4 de jul. de 2010

PROIBIDO DEFINIR (LIMITAR)
por francisco verani protasio

A música popular brasileira, em toda sua história, constituiu-se através de misturas e embates. Portanto, pensar que existe uma matéria-prima para esse fenômeno é pura contradição. A definição de artistas e estilos também é complicada, já que extrapolar as barreiras de determinado conceito fica fácil, tendo-se em vista que essas barreiras não são nem um pouco nítidas.

Como exemplo para essa afirmação caem muito bem a Bossa Nova e dois de seus principais participantes: Tom Jobim e VinÍcius de Morais. É difícil definir a Bossa Nova, embora muitos o façam. Sua criação, no final da década de 50 por João Gilberto, parece clara, junto com as características trazidas pelo autor: principalmente o estilo rítmico novo e a voz de “sussurros”. Tom e Vinicius entraram com letras e harmonias: as composições que João nunca fizera. A partir daí surgem as definições mais conhecidas, junto com mais duas da parte mais crítica ao estilo: a influência do jazz, isto é, da música norte-americana, e o fato de ser uma música alienada de classe média, despreocupada e desprendida da classe mais baixa.
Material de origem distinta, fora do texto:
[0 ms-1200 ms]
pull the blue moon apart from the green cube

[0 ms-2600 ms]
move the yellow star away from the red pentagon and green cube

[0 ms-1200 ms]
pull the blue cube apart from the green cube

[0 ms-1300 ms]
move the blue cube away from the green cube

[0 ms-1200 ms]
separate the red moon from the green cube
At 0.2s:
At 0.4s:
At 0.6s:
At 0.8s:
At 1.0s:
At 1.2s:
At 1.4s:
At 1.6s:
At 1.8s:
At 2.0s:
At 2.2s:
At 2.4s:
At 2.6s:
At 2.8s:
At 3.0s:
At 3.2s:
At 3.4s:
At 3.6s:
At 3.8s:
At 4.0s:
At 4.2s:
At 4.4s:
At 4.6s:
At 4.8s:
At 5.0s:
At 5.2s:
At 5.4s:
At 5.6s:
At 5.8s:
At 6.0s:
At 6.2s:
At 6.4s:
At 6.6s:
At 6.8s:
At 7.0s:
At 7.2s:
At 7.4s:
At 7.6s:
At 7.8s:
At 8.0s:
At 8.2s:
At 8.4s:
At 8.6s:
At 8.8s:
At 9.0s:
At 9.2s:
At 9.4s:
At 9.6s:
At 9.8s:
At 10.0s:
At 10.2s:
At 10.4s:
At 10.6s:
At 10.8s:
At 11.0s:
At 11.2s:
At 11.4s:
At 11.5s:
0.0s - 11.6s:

Desconstruir essas definições, provando que as barreiras de identificação não são tão claras assim, pode ser feito através de exemplos. Enquanto Elis Regina - intérprete que não se identifica com as características "bossa-novistas" - canta "Águas de Março", João Gilberto faz o samba antigo "Falsa Baiana", de Geraldo Pereira, com todo o jeito da Bossa. "Falsa Baiana" é um samba tradicional, de um compositor amigo de Cartola, que morava próximo ao morro da Mangueira. Aí fica difícil saber se um dos dois exemplos citados é Bossa Nova, ou talvez os dois. Serão as composições ou o jeito de interpretá-las? Quanto à influência do jazz, é verdade, existe um pouco. E voltemos à questão da matéria-prima da música brasileira. O samba tradicional faz esse papel para os críticos da Bossa Nova, porém ele também surge de misturas africanas. Se o problema da mistura é ser com os Estados Unidos, é um fator muito mais político de época do que musical. Para a música, seja da nacionalidade que for, essa miscigenação é muito rica, como foi na Bossa Nova. O que é e o que deixa de ser é o menos crucial, mas a partir desse fenômeno a música brasileira deu mais um passo importante em sua história – isso é inegável.

Desconstruída a visão limitada que muitos têm da Bossa Nova, falemos de Vinicius de Moraes e Tom Jobim. Muito ligam seus nomes diretamente à Bossa, porém ambos foram muito além de apenas um estilo musical. Não venho analisar João Gilberto porque, esse sim, tem que ser ligado, senão somente, principalmente a esse gênero.

Tom Jobim tem uma formação erudita, já tendo feito até uma sinfonia. Além disso, musicalmente foi do mais sofisticado ao mais simples em suas composições. Nelas, misturou estilos de música estrangeira com nacional. Como já foi criticado pelo apelido, devo dizer que mais patriota seu nome não poderia ser: Antonio Carlos Brasileiro de Almeida Jobim.

Vinicius de Moraes, poeta e diplomata, sempre se identificou mais com as palavras do que com as harmonias, embora fosse muito musical. Além disso, foi da Bossa Nova à Valsas e Sambas de Roda, passando pelo Afro-samba. Nesse, junto com um dos violonistas mais talentosos que o Brasil já teve, Baden Powell, resgatou os instrumentos do Candomblé, misturando com corais e poesias no meio de certas músicas.

Alguns críticos musicais fazem seu trabalho mais ligado à fase política que se passa do que pensando na importância musical para a história, o que é normal pela relação direta que a música muitas vezes tem com a política. Porém, em alguns momentos isso fica confuso e ocorre uma mistura equivocada.